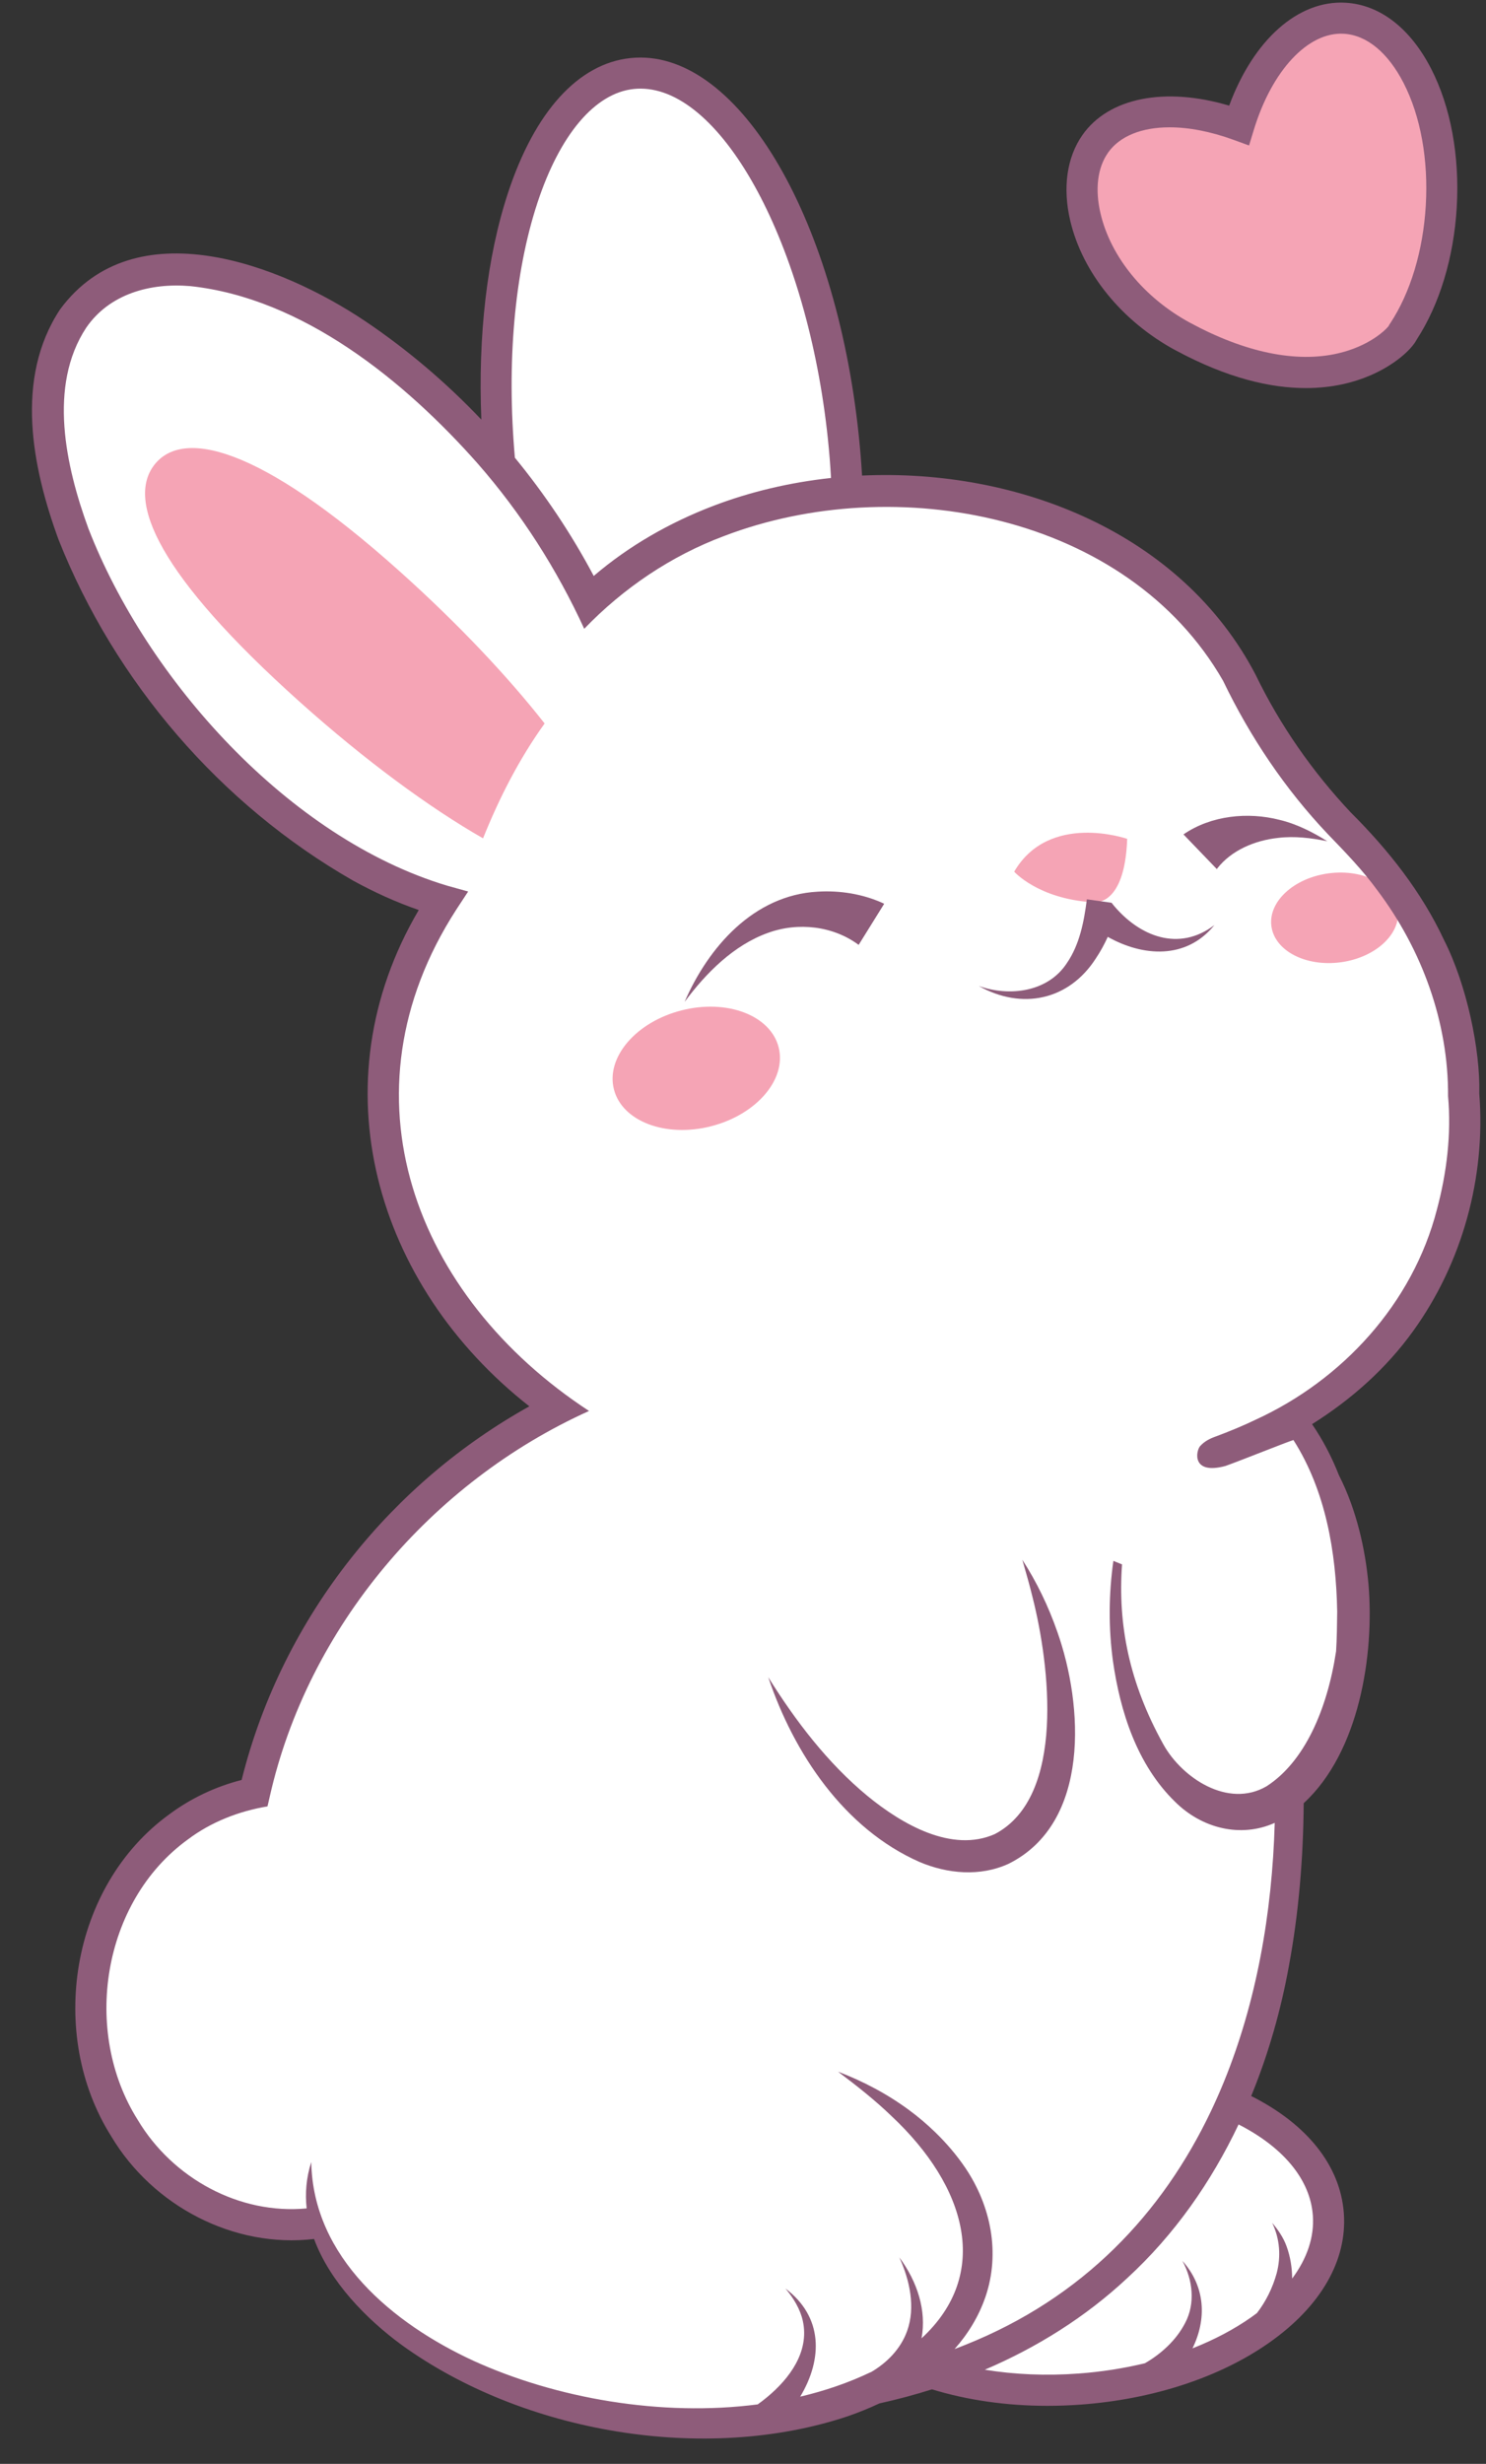 <?xml version="1.0" encoding="UTF-8"?>
<!DOCTYPE svg PUBLIC '-//W3C//DTD SVG 1.0//EN'
          'http://www.w3.org/TR/2001/REC-SVG-20010904/DTD/svg10.dtd'>
<svg height="956.0" preserveAspectRatio="xMidYMid meet" version="1.0" viewBox="-12.4 -1.0 576.9 956.0" width="576.9" xmlns="http://www.w3.org/2000/svg" xmlns:xlink="http://www.w3.org/1999/xlink" zoomAndPan="magnify"
><rect x="-12.4" y="-1.0" width="576.9" height="956.0" fill="#333333" stroke="none"/><g
  ><g id="change1_1"
    ><path d="m553.18,423.96c0-38.05-16.41-73.09-43.96-100.98-16.96-17.17-31.34-36.83-41.89-58.54-21.31-43.84-75.33-74.98-138.61-74.98-5.02,0-9.97.21-14.86.59-.28-7.02-.78-14.17-1.54-21.42-8.56-81.77-45.27-144.94-82-141.09-36.26,3.79-58.97,71.47-51.32,151.87-.69-.83-1.38-1.66-2.08-2.48C123.59,114.35,53.6,86.43,20.6,114.56c-33,28.13-16.51,101.65,36.82,164.22,31.05,36.43,67.74,61.1,99.5,69.82-14.81,22.59-23.17,48.21-23.17,75.37,0,48.12,26.24,91.42,68.09,121.56-58.22,29.1-103.05,83.98-118.1,149.18-36.17,7.17-63.6,41.6-63.6,83.03,0,46.63,34.73,84.42,77.57,84.42,3.38,0,6.72-.24,9.99-.7,10.97,34.26,56.33,65.33,114.44,74.9,38.64,6.37,74.98,1.92,101.29-10.28,8.23-1.75,16.34-3.91,24.26-6.51,17.49,6.41,38.89,9.41,61.75,7.73,55.77-4.1,98.99-34.47,96.54-67.83-1.43-19.42-18.04-35.56-42.66-44.86,14.07-32.23,22.19-72.05,22.19-120.63,0,0,20.1-18.76,22.78-46.9,4.29-45.06-6.66-73.25-13.77-86.29-1.42-4.43-4.25-8.38-8.07-11.51,76.77-44.36,66.73-125.32,66.73-125.32Z" fill="#fff"
    /></g
    ><g id="change2_1"
    ><path d="m506.99,6.07c-17.39-1.02-33.34,16.2-41.07,41.52-23.82-8.7-46.13-6.59-55.82,7.25-13.21,18.85-.36,56.13,33.98,74.71,57.28,30.98,84.82,1.17,85.6-1.79,8.09-12.3,13.64-29.44,14.77-48.66,2.29-38.98-14.48-71.68-37.46-73.03Z" fill="#f5a4b5"
    /></g
    ><g id="change2_2"
    ><ellipse cx="505.74" cy="355.1" fill="#f5a4b5" rx="24.76" ry="17.41" transform="rotate(-7.5 505.887 355.162)"
    /></g
    ><g id="change2_3"
    ><ellipse cx="257.92" cy="413.5" fill="#f5a4b5" rx="33" ry="23.2" transform="rotate(-14.31 257.958 413.54)"
    /></g
    ><g id="change3_1"
    ><path d="m447.05,322.75c10.72-7.37,24.99-8.79,37.26-5.65,6.58,1.55,12.9,4.74,18.58,8.31-6.26-1.29-12.78-2.09-19.14-1.3-8.99.97-18.13,4.79-23.66,11.94-.06.11-.21.31-.04.21l-13.01-13.52h0Z" fill="#8e5c7a"
    /></g
    ><g id="change3_2"
    ><path d="m320.94,365.61c-9.79-7.28-23.36-8.96-35.2-4.65-13.19,4.71-23.98,15.46-32.36,26.77,9.18-21.17,26.8-41.44,51.69-42.76,8.53-.52,17.35.86,25.2,4.41.15.07.3.14.59.3l-9.91,15.93h0Z" fill="#8e5c7a"
    /></g
    ><g id="change2_4"
    ><path d="m425.2,324.48s-30.27-10.55-43.87,12.73c0,0,9.19,10.43,30.1,11.85,0,0,12.8,2.99,13.77-24.58Z" fill="#f5a4b5"
    /></g
    ><g id="change3_3"
    ><path d="m419.88,350.22c-.26-.32-.61-.74-.72-.94l-9.61-1.34c-1.12,8.66-2.81,17.57-7.8,24.8-7.26,11.1-22.11,13.11-34.14,8.84,16.62,9.35,35,5.65,45.51-10.85,1.76-2.63,3.25-5.39,4.54-8.22,13.63,7.66,30.47,8.91,41.41-4.58-13.8,10.49-29.07,4.44-39.19-7.71Z" fill="#8e5c7a"
    /></g
    ><g id="change2_5"
    ><path d="m199.04,279.72c-14.26-18.18-33.62-38.74-56.21-58.98-55.13-49.38-84.61-55.29-95.35-41.33-10.74,13.96,1.32,42.5,56.45,91.89,25.46,22.8,50.52,41.16,71.2,52.98,6.31-15.7,13.98-30.74,23.9-44.56Z" fill="#f5a4b5"
    /></g
    ><g id="change3_4"
    ><path d="m384.49,604.19c1.41,4.94,2.84,9.83,4.04,14.81,6.48,25.67,13.01,77.11-14.7,91.62-16.66,7.41-36.05-3.78-49.47-14.79-15.4-12.7-27.9-29.08-38.5-46.06,9.84,29.35,29.34,58.73,58.71,71.68,10.87,4.6,23.51,5.78,34.59.7,31.9-15.88,29-61.58,18.91-90.01-3.44-9.87-7.97-19.29-13.58-27.95Z" fill="#8e5c7a"
    /></g
    ><g id="change3_5"
    ><path d="m443.89,134.86c20.36,11.01,37.2,14.72,50.66,14.72,10.43,0,18.83-2.23,25.24-5.01,9.02-3.91,15.68-9.73,17.81-13.82,8.89-13.66,14.4-31.86,15.54-51.29,1.17-19.91-2.35-39-9.91-53.73-8.09-15.77-19.89-24.89-33.22-25.67-18.45-1.09-35.78,14.41-45.22,39.93-24.83-7.39-46.78-3.14-56.96,11.4-6.07,8.66-7.75,20.48-4.73,33.27,4.77,20.21,20.02,38.97,40.78,50.21Zm-26.18-76.55c4.59-6.55,13.17-9.91,23.95-9.91,7.44,0,15.92,1.6,24.87,4.87l5.98,2.18,1.86-6.09c7.05-23.1,21.09-38.1,34.95-37.26,8.9.52,17.13,7.32,23.2,19.13,6.59,12.85,9.65,29.73,8.6,47.52-1.03,17.51-5.93,33.74-13.79,45.69l-.54.83-.05.2c-1.52,1.93-7.95,7.89-19.58,10.61-16.26,3.82-36.15-.28-57.52-11.83-17.79-9.62-30.79-25.46-34.78-42.37-2.22-9.4-1.2-17.77,2.87-23.58Z" fill="#8e5c7a"
    /></g
    ><g id="change3_6"
    ><path d="m561.9,423.21c.41-16.74-4.83-42.05-13.71-59.51-8.72-18.67-21.62-34.95-36.13-49.4-14.96-15.9-27.52-33.91-37-53.49-28.69-54.98-92.09-80.08-152.79-77.29-.3-5.11-.72-10.29-1.27-15.53-9.04-86.38-47.98-150.74-88.62-146.46-20.27,2.12-37.17,20.73-47.59,52.4-8.13,24.72-11.66,55.34-10.32,87.88-13.53-14.26-28.6-27.08-44.97-38.12-32.96-22.13-89.62-43.9-118.55-4.68-17.77,26.82-10.88,61.39-.59,89.44,21.9,55.13,62.78,102.75,114.28,132.21,8.13,4.47,16.64,8.37,25.53,11.43-39.72,67.43-16.95,145.63,42.94,192.57-26.55,14.76-50.1,34.81-68.96,58.59-20.13,25.32-34.92,54.93-42.74,86.38-10.13,2.57-19.73,7.13-28.07,13.32-38.38,27.8-47.54,85.4-22.52,125,16.15,27.07,47.63,43.46,78.71,39.78,6.1,16.55,20.24,31.02,34.01,41.12,47.18,34.1,117.71,46.15,173.14,27.68,4.13-1.43,8.26-3.09,12.31-4.99,6.9-1.53,13.72-3.35,20.44-5.47,13.69,4.2,28.93,6.4,44.81,6.4,4.28,0,8.62-.16,12.97-.48,28.04-2.06,54.01-10.59,73.12-24.02,20.04-14.08,30.33-31.93,28.98-50.26-1.35-18.32-14.12-34.46-35.97-45.45.13-.33.28-.65.41-.98,6.43-15.85,11.12-32.43,14.18-49.18,3.91-20.98,5.63-42.25,5.8-63.46,21.61-19.83,27.47-57.69,25.15-84.9-1.21-13.6-4.69-29.06-11.44-42.27-2.77-7.03-6.22-13.73-10.47-19.89,15.16-9.51,28.78-21.56,39.26-36.15,19.08-26.43,28.23-59.76,25.66-92.2ZM196.24,77.7c8.72-26.5,22.35-42.6,37.39-44.17.87-.09,1.73-.14,2.6-.14,32,0,64.92,60.9,72.77,135.86.54,5.11.94,10.19,1.22,15.2-15.9,1.72-31.44,5.36-45.93,10.92-16.67,6.39-32.48,15.38-46.19,27.1-8.65-16.29-18.94-31.66-30.61-45.88-3.25-36.77-.19-71.72,8.75-98.89Zm301.04,780.87c.61,8.32-2.19,16.67-8.03,24.51-.04-4.24-.7-8.44-2.15-12.44-1.24-3.49-3.36-6.51-5.61-9.16,2.99,6.2,3.46,13.07,1.74,19.56-1.52,5.54-4.15,10.91-7.66,15.44-.71.54-1.43,1.07-2.18,1.6-6.72,4.72-14.43,8.78-22.84,12.09,5.54-11.29,5.08-23.91-3.91-33.94,4.08,7.48,5.04,16.58,1.07,24.07-3.4,6.61-9.21,11.95-15.63,15.65-8.23,1.98-16.87,3.34-25.76,3.99-12.59.93-24.89.39-36.39-1.48,20.21-8.64,39.02-20.35,55.32-35.57,18.34-16.85,32.61-37.3,43.2-59.6,17.58,9,27.81,21.5,28.83,35.28Zm48.13-390.13c-9.43,36.31-36.55,65.93-70.39,81.43-5.06,2.44-10.29,4.57-15.57,6.54-2.23.79-4.25,1.83-5.94,3.69-1.57,1.75-3.51,11.27,9.82,7.71,6.44-2.3,23.98-9.36,26.41-10.07,12.52,19.62,16.59,43.56,16.99,66.61-.06,5.08-.11,10.23-.43,15.34-3.45,22.75-12.32,42.94-26.98,52.38-14.97,8.74-32.9-3.33-40.04-16.18-13.4-24.12-17.74-46.6-16.08-69.9l-3.36-1.36c-1.82,12.9-1.92,25.99-.16,38.91,2.8,19.55,9.31,40.14,24.11,54.56,10.4,10.32,25.44,14.12,38.69,8.18-1,35.03-7.11,69.69-19.84,100.74-1.54,3.75-3.17,7.44-4.9,11.08-18.89,39.69-49.56,72.43-95.42,90.73-1.37.56-2.75,1.08-4.13,1.61,5.2-5.87,9.37-12.61,12-20.28,5.8-17,2.08-35.3-7.78-49.95-3.46-5.11-7.47-9.78-11.87-14.03-3.13-3.02-6.45-5.84-9.95-8.42-8.47-6.26-17.89-11.24-27.64-14.94,0,0,0,0,0,0,7.3,5.49,14.37,11.06,20.75,17.22,29.2,27.35,38.8,61.23,11.67,86.23,1.97-10.78-1.61-21.94-8.62-31.39,4.04,8.86,6.34,19.38,3.01,28.56-2.5,6.96-7.79,12.31-14.05,15.98v-.05c-8.63,4.13-17.86,7.28-27.45,9.54,8.81-14.65,8.87-31-5.74-41.97,3.21,3.79,5.8,8.11,6.78,12.7,2.51,11.78-5.04,22.12-13.88,29.45-1.2,1-2.43,1.93-3.66,2.82-37.48,4.86-78.29-2.32-110.44-16.96-31.01-14.32-62.23-39.94-62.88-77.07h0c-1.95,6.11-2.43,12.13-1.79,17.98-26.04,2.48-51.97-11.59-65.55-34.29-21.72-34.34-13.88-84.74,19.43-108.85,9.07-6.83,19.83-10.98,30.92-12.84,0,0,.88-3.82.88-3.82,14.86-65.76,62.73-122.01,123.95-149.6-67.77-44.31-97.82-122.85-51.55-194.51l4.62-7.04s-8.13-2.26-8.13-2.26c-61.41-18.4-116.54-79.95-139.3-138.58-8.81-24.11-15.74-55.34-.83-77.95,8.95-13.01,24.72-17.47,40.45-16.1,43.65,4.67,83.24,36.85,111.6,68.94,16.82,19.22,30.67,40.91,41.27,64.01,15.17-15.74,33.63-28.27,54.32-36,66.32-25.33,156.52-8.63,193.71,56.2,10.47,21.76,24.09,42.03,40.68,59.5,6.79,7.01,13.49,13.95,19.24,21.82,17.22,22.87,27.59,51.11,27.41,79.8,1.33,14.76-.51,29.85-4.36,44.14Z" fill="#8e5c7a"
    /></g
  ></g
></svg
>

◆ ◆ ◆

_WHAT TO WORK ON_: Only lines with the word "height" belong in the answer; copy each of them from the material above.

_EXERCISE RESULT_:
<svg height="956.0" preserveAspectRatio="xMidYMid meet" version="1.0" viewBox="-12.4 -1.0 576.9 956.0" width="576.9" xmlns="http://www.w3.org/2000/svg" xmlns:xlink="http://www.w3.org/1999/xlink" zoomAndPan="magnify"
><rect x="-12.4" y="-1.0" width="576.9" height="956.0" fill="#333333" stroke="none"/><g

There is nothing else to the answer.